Tuesday, 15 April 2014

Gamification at Collaborate2014


Collaborate 2014 had a mobile app, not uncommon nowadays in fact almost a necessity but this one was worthy of note.

I loved the mobile app it really did help to plan my agenda, and to be able make selections on the move, rate presentations, comment on the experience and interact with other delegates was fantastic. But I do have some feedback:

Syncing calendar:
This is a really good option, the ability to be able to copy into Outlook and therefore merge with private meetings with excellent, however if you later selected another session and selected copy it duplicated those that had already gone over and over the course of the week this happened to me three or four times. A nice thing unlike the Oracle Open World agenda planner was that you could select more than one session in a timeslot so that if you went to one and it turned out to be no good you could quickly pop your next choice; however combined with the calendar syncing that meant that some time periods I had seven or eight entries in my outlook and responding reminders.

Social Media Syncing:
There was also a great feature that allows you to sync with Twitter or Facebook, I try to keep work out of Facebook because believe what I do have non - Oracle friends but I love Twitter and for a conference it’s a great way for people not attending to have some of the experience.
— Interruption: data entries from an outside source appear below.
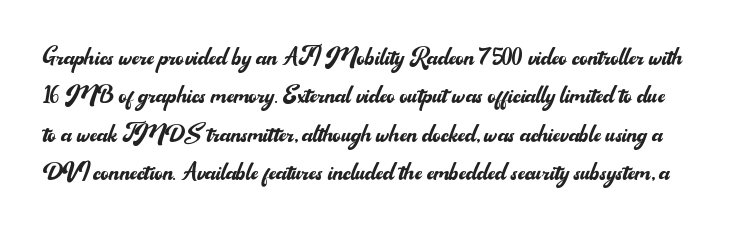
Q: Is the text bold? A: No.
Q: Is the text italic (slanted)? A: Yes.
Q: Is the typeface a serif or a sans-serif typeface? A: Sans-serif.
Q: Is the text underlined? A: No.
Q: Is the spacing between letters normal or unusually wide? A: Normal.
Q: Width (condensed, normal, or wide)? A: Normal.
Q: Stroke contrast? A: Medium.
Q: x-height? A: Small.
Q: Monospaced? A: No.
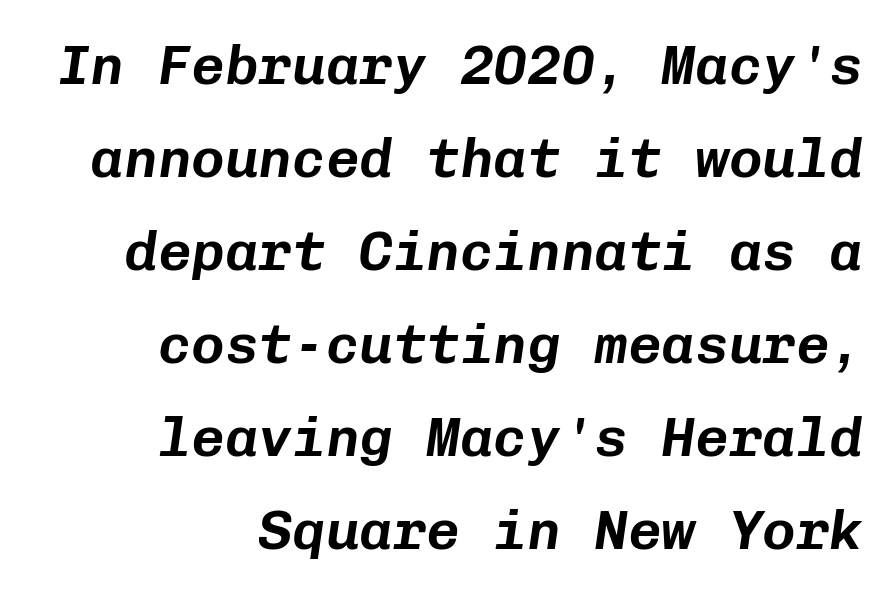
The image shows 56 px text type, italic (leaning right), monospaced; set right-aligned, normal line spacing (1.66x), normal letter spacing, not underlined; low stroke contrast and a medium x-height.
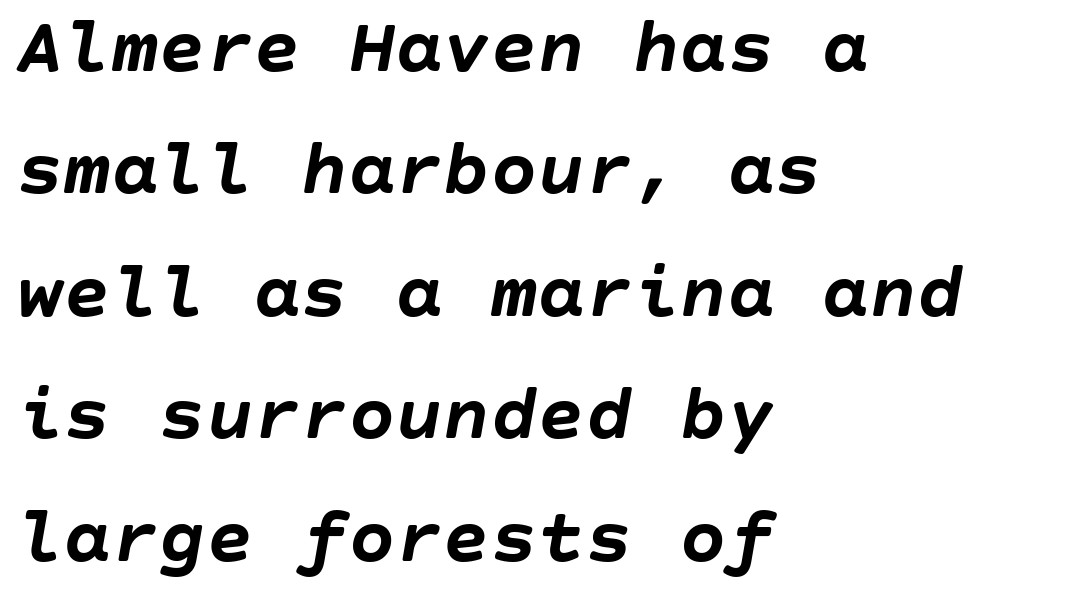
{"italic": "yes", "lean": "right", "slant_degrees": 10, "bold": "yes", "weight": "semibold", "width": "normal", "stroke_contrast": "low", "x_height": "large", "underline": "no", "align": "left", "line_spacing": "normal", "line_spacing_ratio": 1.55, "letter_spacing": "normal", "letter_spacing_em": 0.0, "glyph_px": 79}
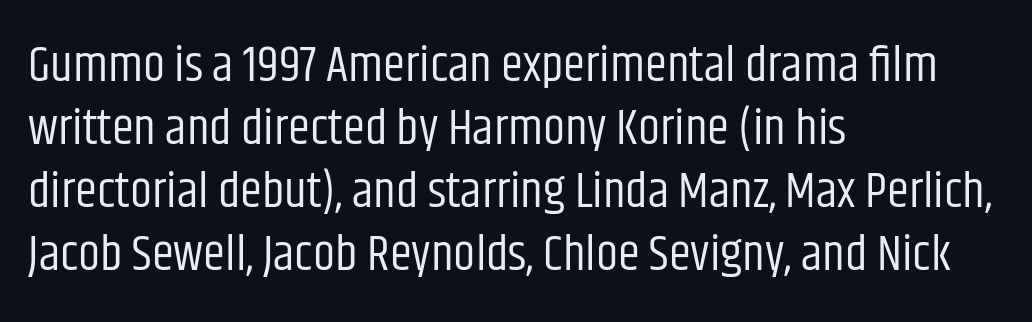
{"serif": "no", "italic": "no", "bold": "no", "weight": "regular", "width": "condensed", "stroke_contrast": "low", "x_height": "large", "monospaced": "no", "underline": "no", "align": "left", "line_spacing": "normal", "line_spacing_ratio": 1.26, "letter_spacing": "normal", "letter_spacing_em": 0.0, "glyph_px": 50}
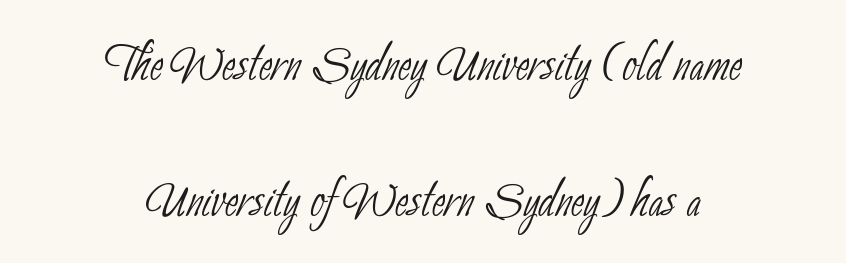
{"serif": "no", "bold": "no", "weight": "thin", "width": "condensed", "stroke_contrast": "low", "x_height": "small", "monospaced": "no", "underline": "no", "align": "center", "line_spacing": "loose", "line_spacing_ratio": 2.13, "letter_spacing": "normal", "letter_spacing_em": 0.0, "glyph_px": 64}

However ,and I think it is a simple enhancement, the Collaborate2014 hashtag #CLV14 should be added automatically and not have to be entered each time. 
Not being forced to sync with Twitter was also good because it measure could be selective and not flood Twitter with all the comments happening in Collaborate. It also meant that delegates who do not normally use twitter could take part within an audience limited to those using the app.

Leaderboard:
To encourage participation the app gave points for comments, likes, check in to sessions and feedback. I wish Ultan O 'Broin from the UX team have been there to give his wisdom on this example of gamification. It did encourage people to take part and there was a leaderboard that showed the top 20 participants but it also drove very annoying behaviour. Yes I love twitter and I’ve always got plenty to say and at the point the conference finished on Friday I was in seventh place but I added comments; many of those higher in the leaderboard gained their points by simply liking every comment, assessing every session, speaker and exhibitors in fact I’m not sure how some of them had time to attend sessions. It will only need to tweak of the scoring but it did become very annoying. This isn’t sour grapes I never wanted to be first and actually walked away the moment the conference finished, but it was fun and I met with the other leaderboarders  at the Collaborate Party.

This was the best conference app I’ve seen and with a few tweaks could be better.